▶ [Task data]

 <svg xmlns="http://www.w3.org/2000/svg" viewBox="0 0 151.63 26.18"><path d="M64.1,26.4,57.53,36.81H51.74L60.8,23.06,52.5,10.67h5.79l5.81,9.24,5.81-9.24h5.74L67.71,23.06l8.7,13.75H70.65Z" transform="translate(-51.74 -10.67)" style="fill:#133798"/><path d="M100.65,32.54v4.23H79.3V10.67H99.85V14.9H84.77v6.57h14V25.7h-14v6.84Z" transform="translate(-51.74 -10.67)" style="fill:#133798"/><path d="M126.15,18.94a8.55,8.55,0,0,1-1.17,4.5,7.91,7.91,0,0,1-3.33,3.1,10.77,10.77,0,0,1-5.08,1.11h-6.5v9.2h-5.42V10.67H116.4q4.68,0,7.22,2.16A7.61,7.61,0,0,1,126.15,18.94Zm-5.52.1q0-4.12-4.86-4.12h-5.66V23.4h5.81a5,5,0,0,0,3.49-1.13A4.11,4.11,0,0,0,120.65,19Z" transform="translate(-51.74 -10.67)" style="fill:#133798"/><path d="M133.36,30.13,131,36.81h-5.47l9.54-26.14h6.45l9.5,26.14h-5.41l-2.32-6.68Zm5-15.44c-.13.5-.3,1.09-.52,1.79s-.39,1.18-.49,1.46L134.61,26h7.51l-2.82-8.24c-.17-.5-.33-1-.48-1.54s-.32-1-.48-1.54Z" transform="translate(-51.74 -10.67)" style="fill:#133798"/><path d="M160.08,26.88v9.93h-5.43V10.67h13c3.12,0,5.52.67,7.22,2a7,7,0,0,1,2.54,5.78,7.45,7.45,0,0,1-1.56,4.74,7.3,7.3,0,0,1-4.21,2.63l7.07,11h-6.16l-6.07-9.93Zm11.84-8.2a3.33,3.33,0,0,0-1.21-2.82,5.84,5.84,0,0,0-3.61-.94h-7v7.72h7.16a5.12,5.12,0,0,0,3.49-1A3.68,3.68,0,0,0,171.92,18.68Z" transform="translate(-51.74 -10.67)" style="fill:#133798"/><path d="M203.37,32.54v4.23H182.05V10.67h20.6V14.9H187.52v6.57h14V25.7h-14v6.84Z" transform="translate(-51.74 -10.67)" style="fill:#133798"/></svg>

...

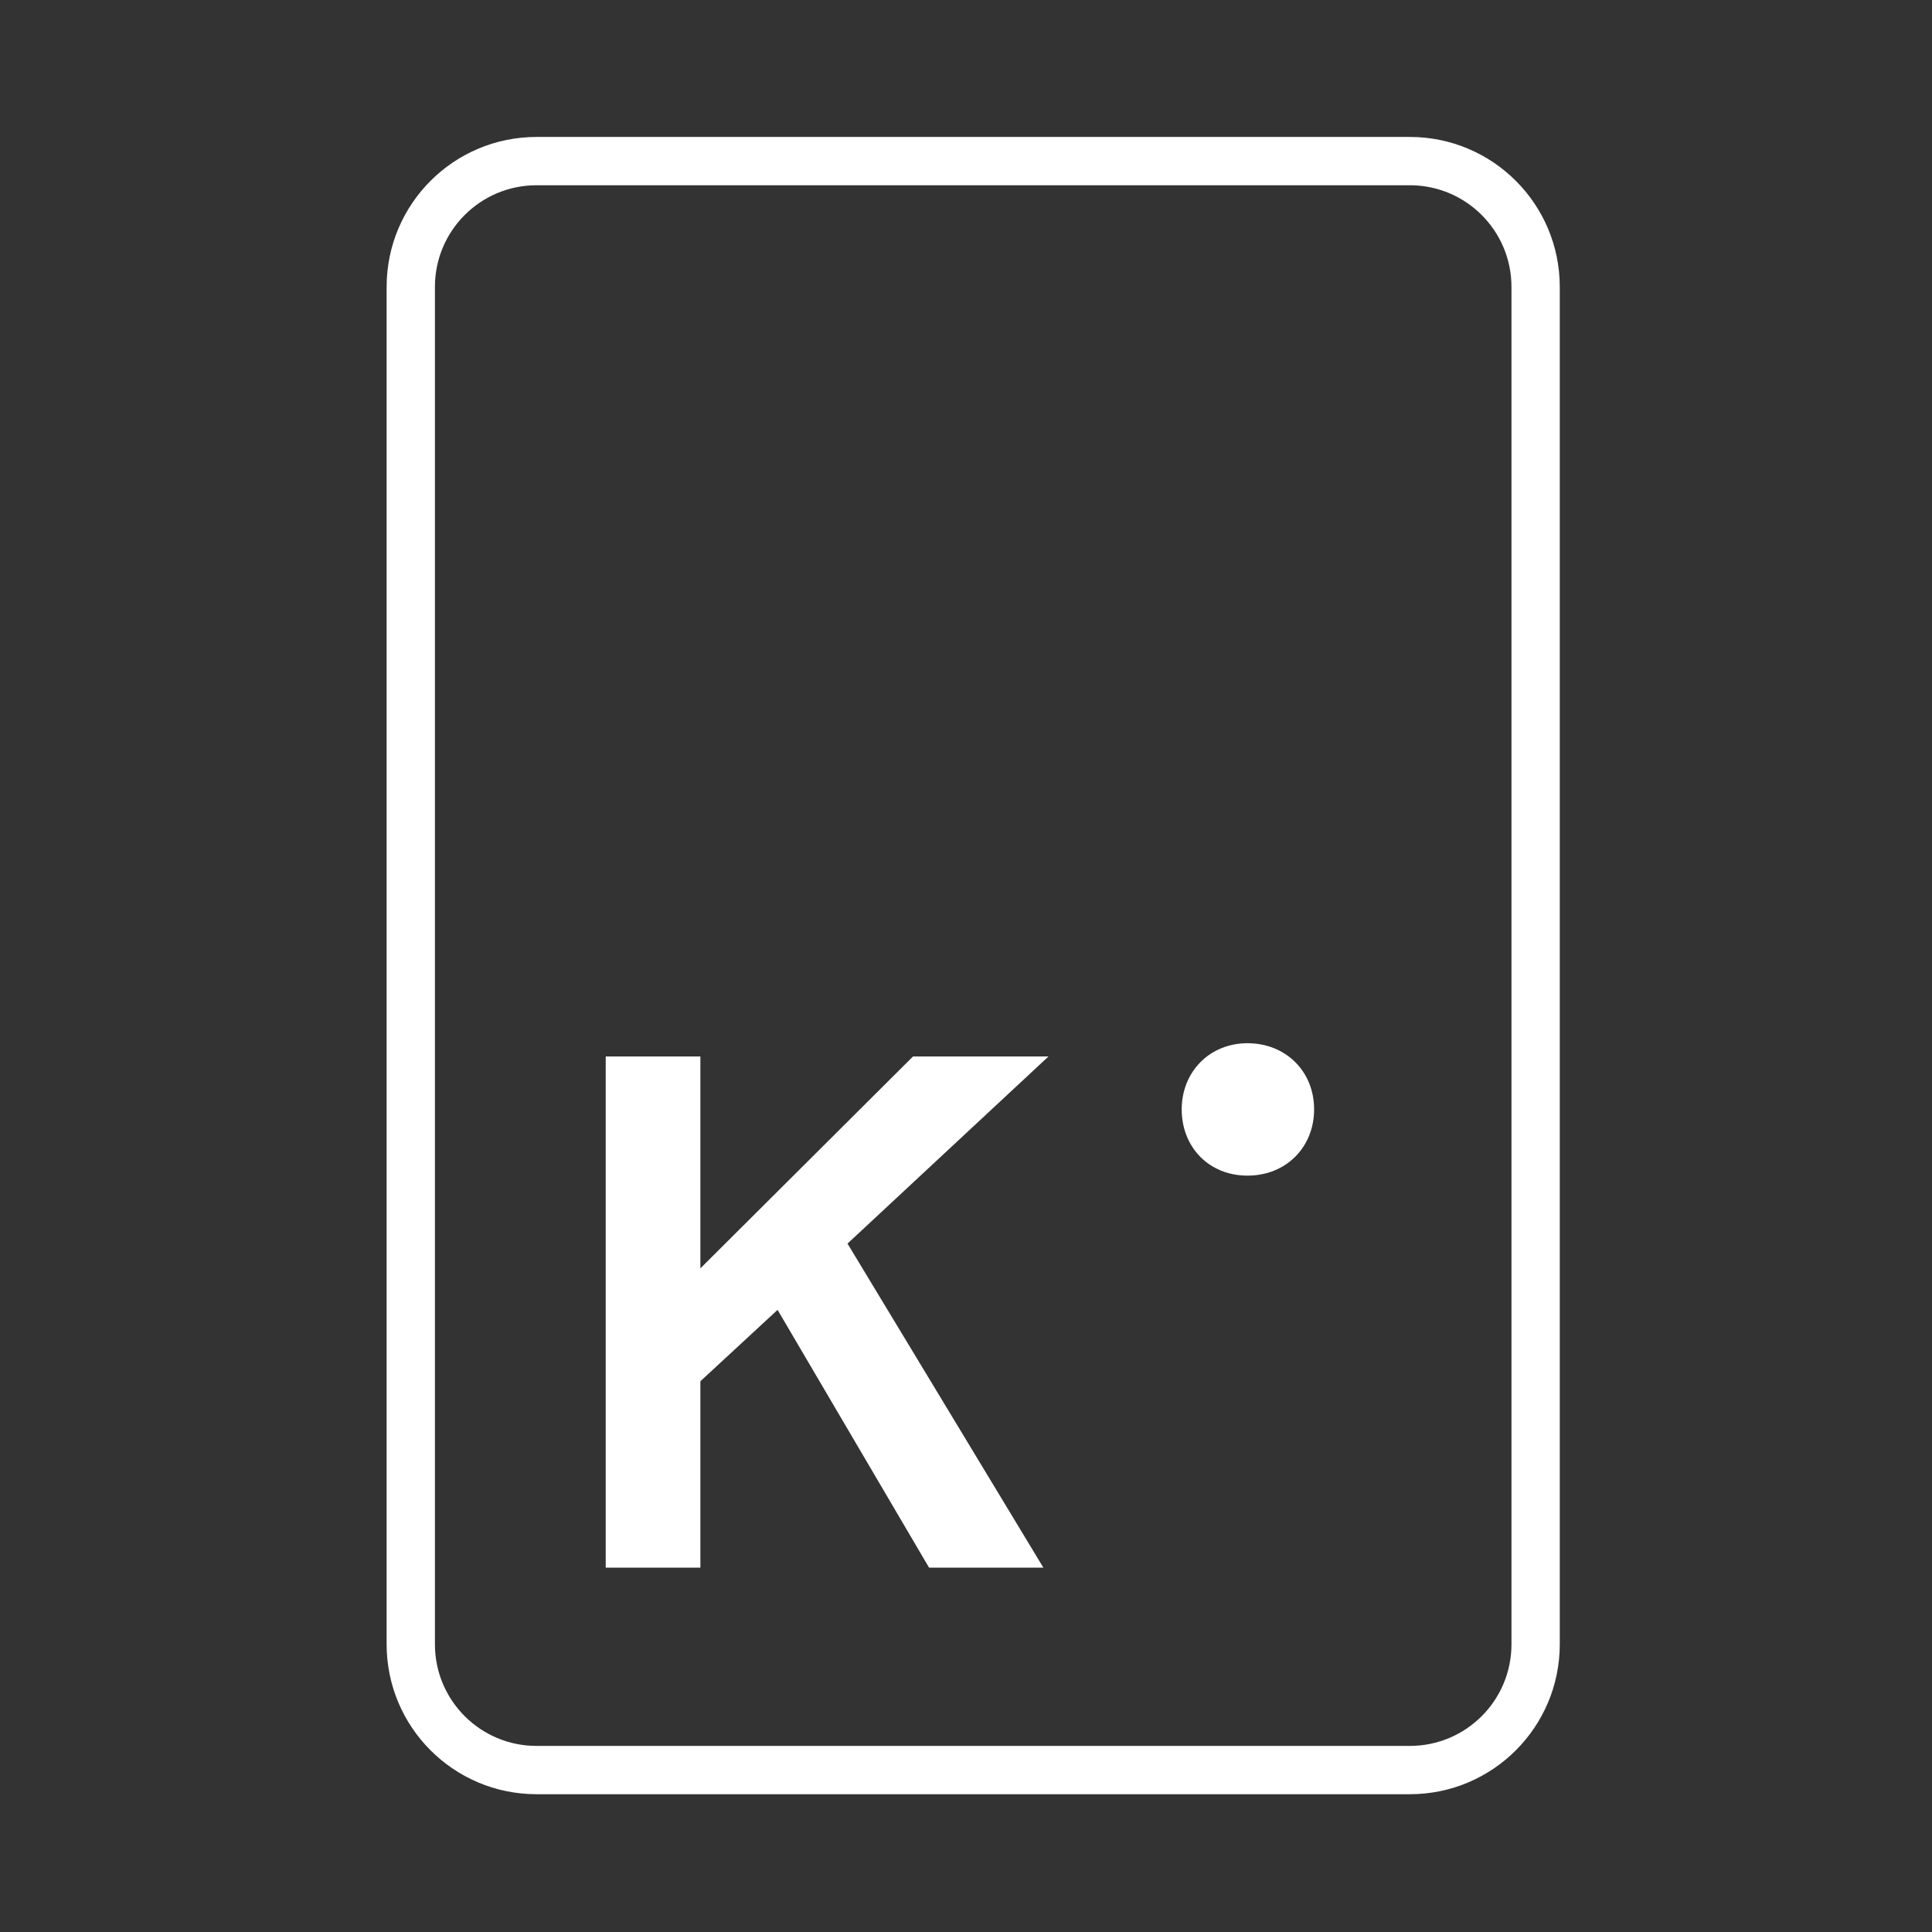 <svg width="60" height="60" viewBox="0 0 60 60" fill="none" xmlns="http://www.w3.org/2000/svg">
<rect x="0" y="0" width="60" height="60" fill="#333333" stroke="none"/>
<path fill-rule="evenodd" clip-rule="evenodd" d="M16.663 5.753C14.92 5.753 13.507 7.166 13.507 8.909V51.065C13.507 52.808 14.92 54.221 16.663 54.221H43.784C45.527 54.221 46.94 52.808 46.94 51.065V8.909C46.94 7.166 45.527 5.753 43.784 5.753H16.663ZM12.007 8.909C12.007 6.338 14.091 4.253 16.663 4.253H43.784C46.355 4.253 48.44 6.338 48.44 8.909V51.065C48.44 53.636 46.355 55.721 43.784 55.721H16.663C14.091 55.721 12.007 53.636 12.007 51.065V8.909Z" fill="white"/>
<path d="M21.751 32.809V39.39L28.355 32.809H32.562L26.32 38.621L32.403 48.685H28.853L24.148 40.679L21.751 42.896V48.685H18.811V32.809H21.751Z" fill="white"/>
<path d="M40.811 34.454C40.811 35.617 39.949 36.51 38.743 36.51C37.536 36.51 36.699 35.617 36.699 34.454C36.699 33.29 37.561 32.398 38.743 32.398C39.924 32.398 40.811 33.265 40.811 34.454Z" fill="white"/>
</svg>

▶ [Action item] Looking at the records above, which lines contain "white"? Copy those lines.

▶ [Response to this exercise]
<path fill-rule="evenodd" clip-rule="evenodd" d="M16.663 5.753C14.92 5.753 13.507 7.166 13.507 8.909V51.065C13.507 52.808 14.92 54.221 16.663 54.221H43.784C45.527 54.221 46.94 52.808 46.94 51.065V8.909C46.94 7.166 45.527 5.753 43.784 5.753H16.663ZM12.007 8.909C12.007 6.338 14.091 4.253 16.663 4.253H43.784C46.355 4.253 48.44 6.338 48.44 8.909V51.065C48.44 53.636 46.355 55.721 43.784 55.721H16.663C14.091 55.721 12.007 53.636 12.007 51.065V8.909Z" fill="white"/>
<path d="M21.751 32.809V39.39L28.355 32.809H32.562L26.32 38.621L32.403 48.685H28.853L24.148 40.679L21.751 42.896V48.685H18.811V32.809H21.751Z" fill="white"/>
<path d="M40.811 34.454C40.811 35.617 39.949 36.51 38.743 36.51C37.536 36.51 36.699 35.617 36.699 34.454C36.699 33.29 37.561 32.398 38.743 32.398C39.924 32.398 40.811 33.265 40.811 34.454Z" fill="white"/>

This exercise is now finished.